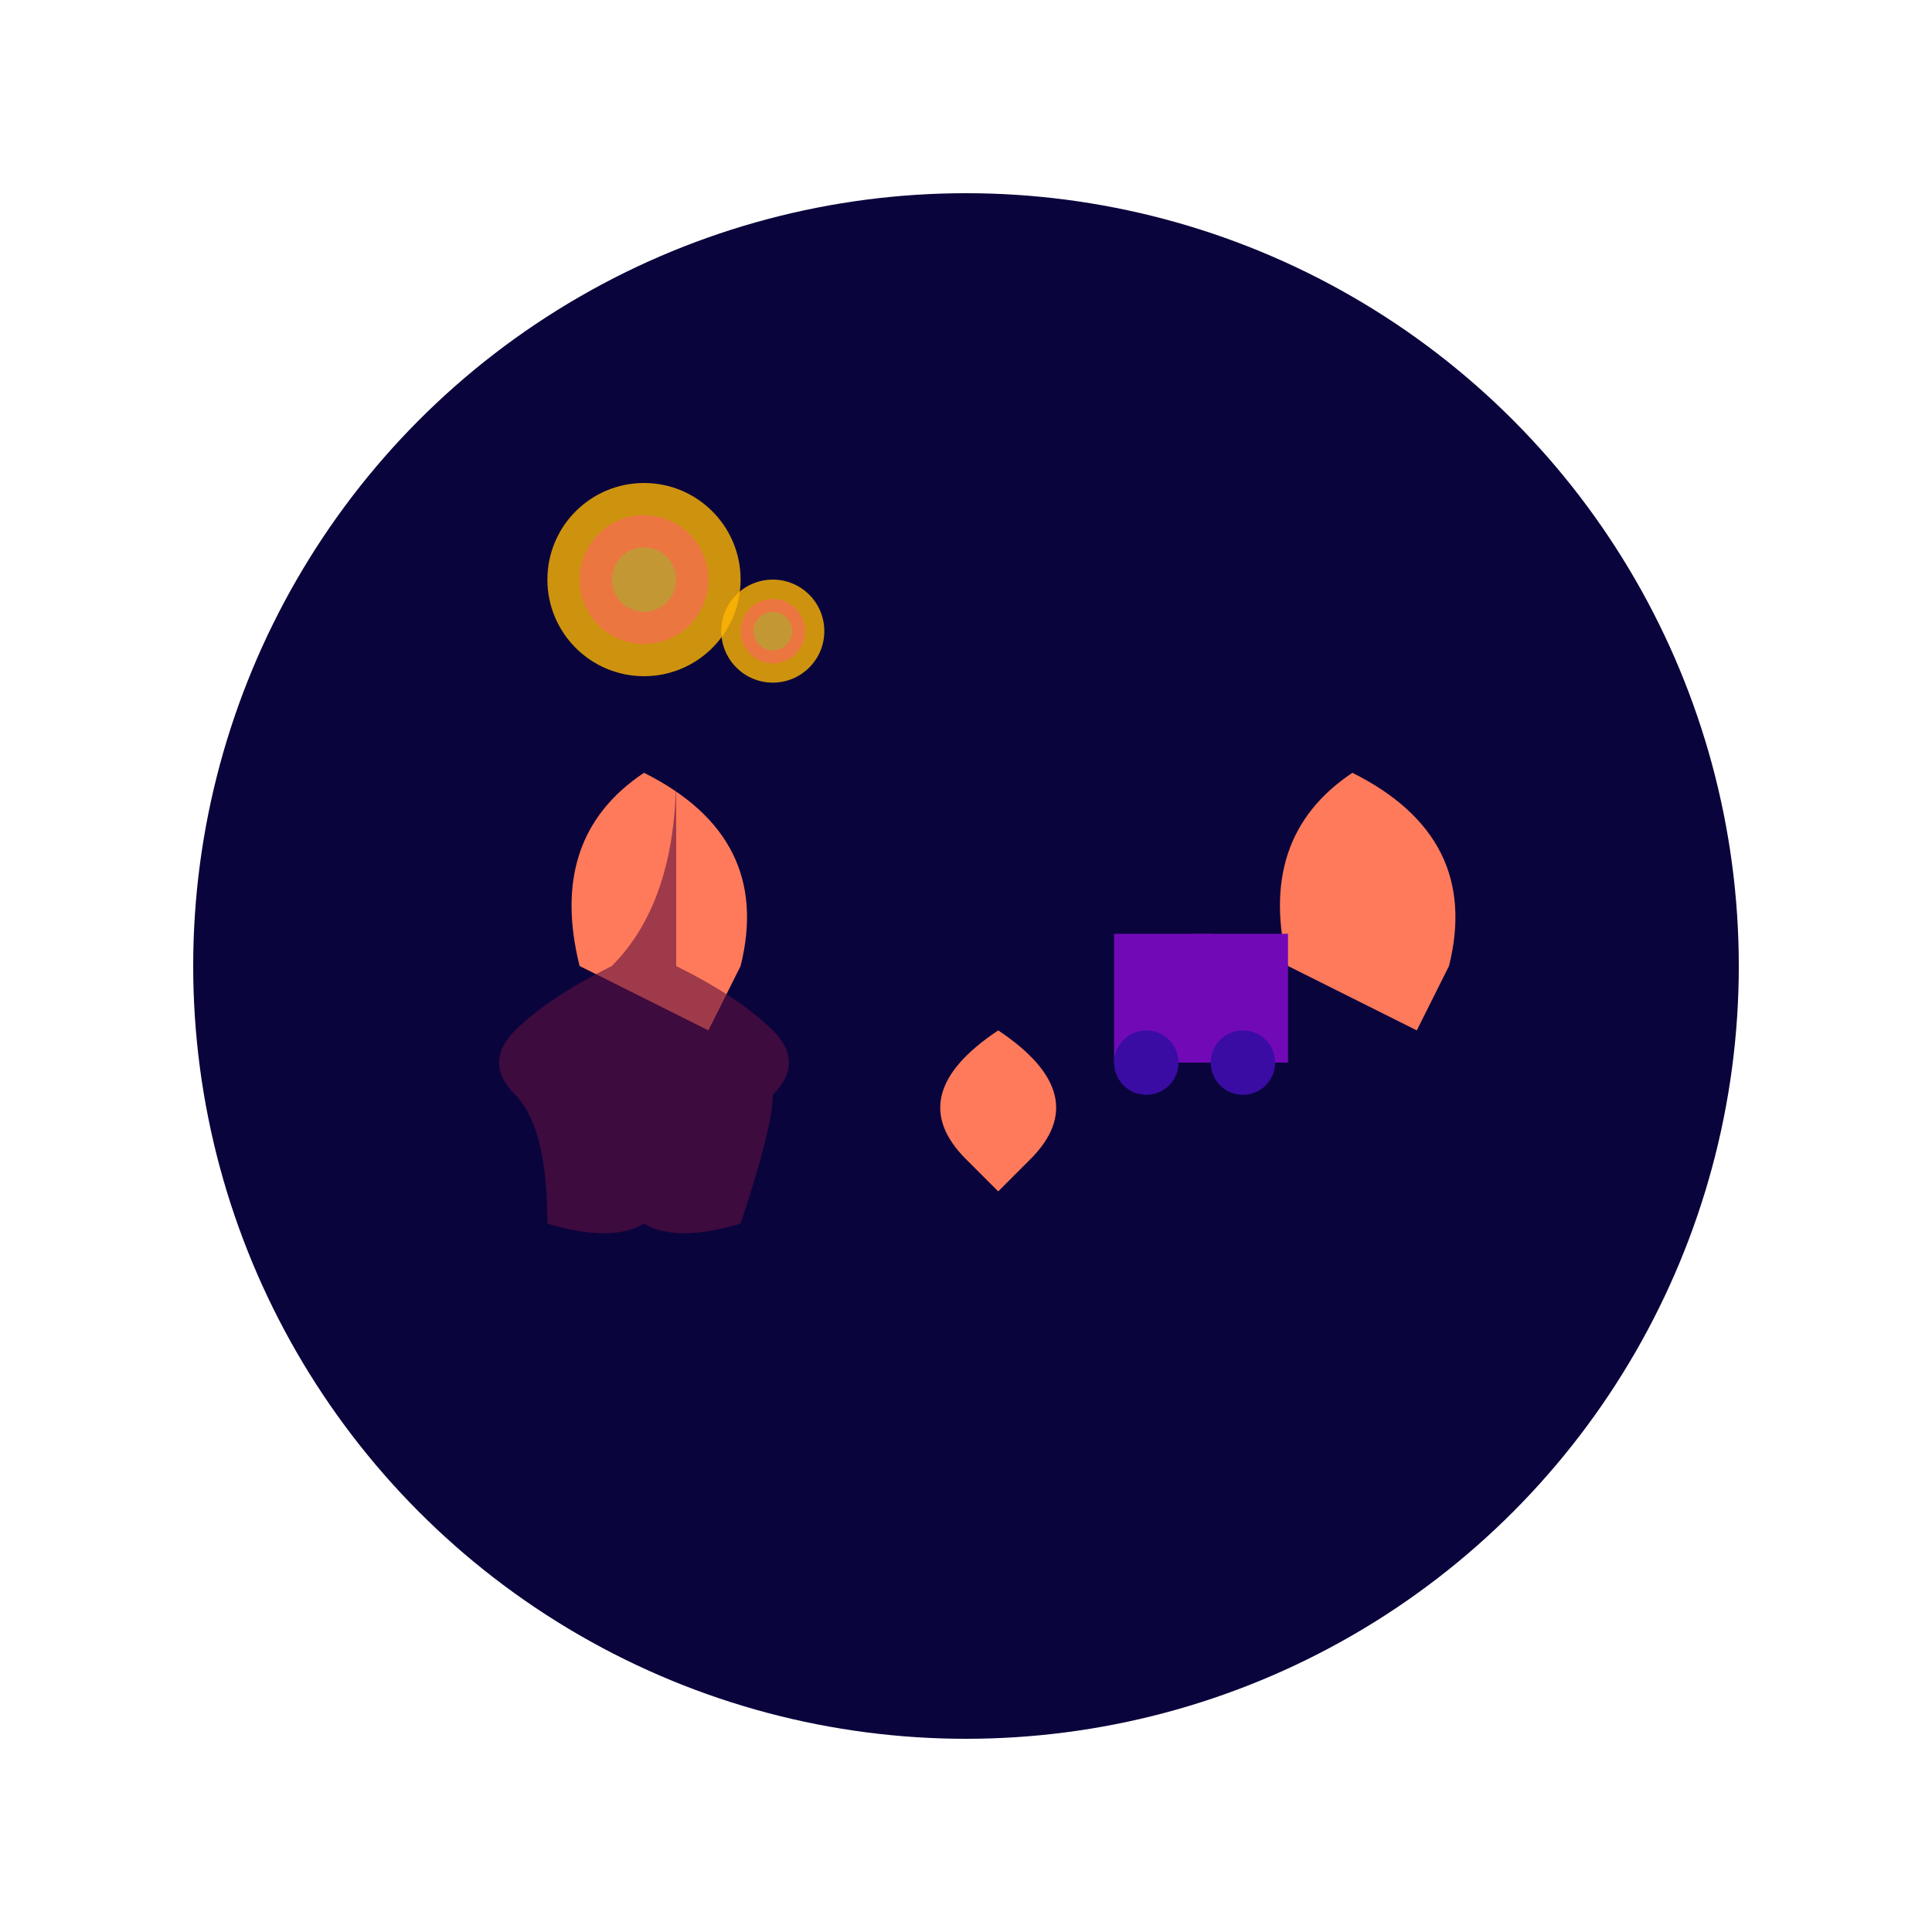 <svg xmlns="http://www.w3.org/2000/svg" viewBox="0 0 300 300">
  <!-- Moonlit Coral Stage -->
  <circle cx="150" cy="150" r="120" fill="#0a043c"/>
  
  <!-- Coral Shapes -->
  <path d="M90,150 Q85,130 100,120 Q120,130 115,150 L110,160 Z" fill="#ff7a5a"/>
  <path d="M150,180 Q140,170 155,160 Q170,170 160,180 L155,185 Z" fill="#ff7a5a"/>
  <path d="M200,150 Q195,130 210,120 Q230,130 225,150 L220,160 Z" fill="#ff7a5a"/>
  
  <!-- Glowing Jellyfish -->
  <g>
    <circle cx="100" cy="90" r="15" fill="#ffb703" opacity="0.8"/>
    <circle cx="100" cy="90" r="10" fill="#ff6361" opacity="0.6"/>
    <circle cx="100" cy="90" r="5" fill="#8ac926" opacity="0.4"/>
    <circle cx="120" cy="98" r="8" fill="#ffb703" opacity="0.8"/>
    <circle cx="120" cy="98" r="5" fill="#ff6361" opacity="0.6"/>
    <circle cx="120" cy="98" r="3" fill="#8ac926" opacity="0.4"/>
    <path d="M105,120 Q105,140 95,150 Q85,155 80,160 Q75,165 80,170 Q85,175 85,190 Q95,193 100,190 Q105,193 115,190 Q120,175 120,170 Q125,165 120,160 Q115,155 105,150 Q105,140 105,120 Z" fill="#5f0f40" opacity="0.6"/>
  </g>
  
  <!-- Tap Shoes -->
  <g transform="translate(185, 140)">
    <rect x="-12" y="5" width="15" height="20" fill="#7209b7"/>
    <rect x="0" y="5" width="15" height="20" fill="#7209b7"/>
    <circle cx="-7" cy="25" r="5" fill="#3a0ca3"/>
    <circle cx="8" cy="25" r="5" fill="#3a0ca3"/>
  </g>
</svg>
————
With the pictures removed, return each record above exactly as given.

 <svg xmlns="http://www.w3.org/2000/svg" viewBox="0 0 300 300">
  <!-- Moonlit Coral Stage -->
  <circle cx="150" cy="150" r="120" fill="#0a043c"/>
  
  <!-- Coral Shapes -->
  <path d="M90,150 Q85,130 100,120 Q120,130 115,150 L110,160 Z" fill="#ff7a5a"/>
  <path d="M150,180 Q140,170 155,160 Q170,170 160,180 L155,185 Z" fill="#ff7a5a"/>
  <path d="M200,150 Q195,130 210,120 Q230,130 225,150 L220,160 Z" fill="#ff7a5a"/>
  
  <!-- Glowing Jellyfish -->
  <g>
    <circle cx="100" cy="90" r="15" fill="#ffb703" opacity="0.8"/>
    <circle cx="100" cy="90" r="10" fill="#ff6361" opacity="0.6"/>
    <circle cx="100" cy="90" r="5" fill="#8ac926" opacity="0.4"/>
    <circle cx="120" cy="98" r="8" fill="#ffb703" opacity="0.8"/>
    <circle cx="120" cy="98" r="5" fill="#ff6361" opacity="0.6"/>
    <circle cx="120" cy="98" r="3" fill="#8ac926" opacity="0.4"/>
    <path d="M105,120 Q105,140 95,150 Q85,155 80,160 Q75,165 80,170 Q85,175 85,190 Q95,193 100,190 Q105,193 115,190 Q120,175 120,170 Q125,165 120,160 Q115,155 105,150 Q105,140 105,120 Z" fill="#5f0f40" opacity="0.6"/>
  </g>
  
  <!-- Tap Shoes -->
  <g transform="translate(185, 140)">
    <rect x="-12" y="5" width="15" height="20" fill="#7209b7"/>
    <rect x="0" y="5" width="15" height="20" fill="#7209b7"/>
    <circle cx="-7" cy="25" r="5" fill="#3a0ca3"/>
    <circle cx="8" cy="25" r="5" fill="#3a0ca3"/>
  </g>
</svg>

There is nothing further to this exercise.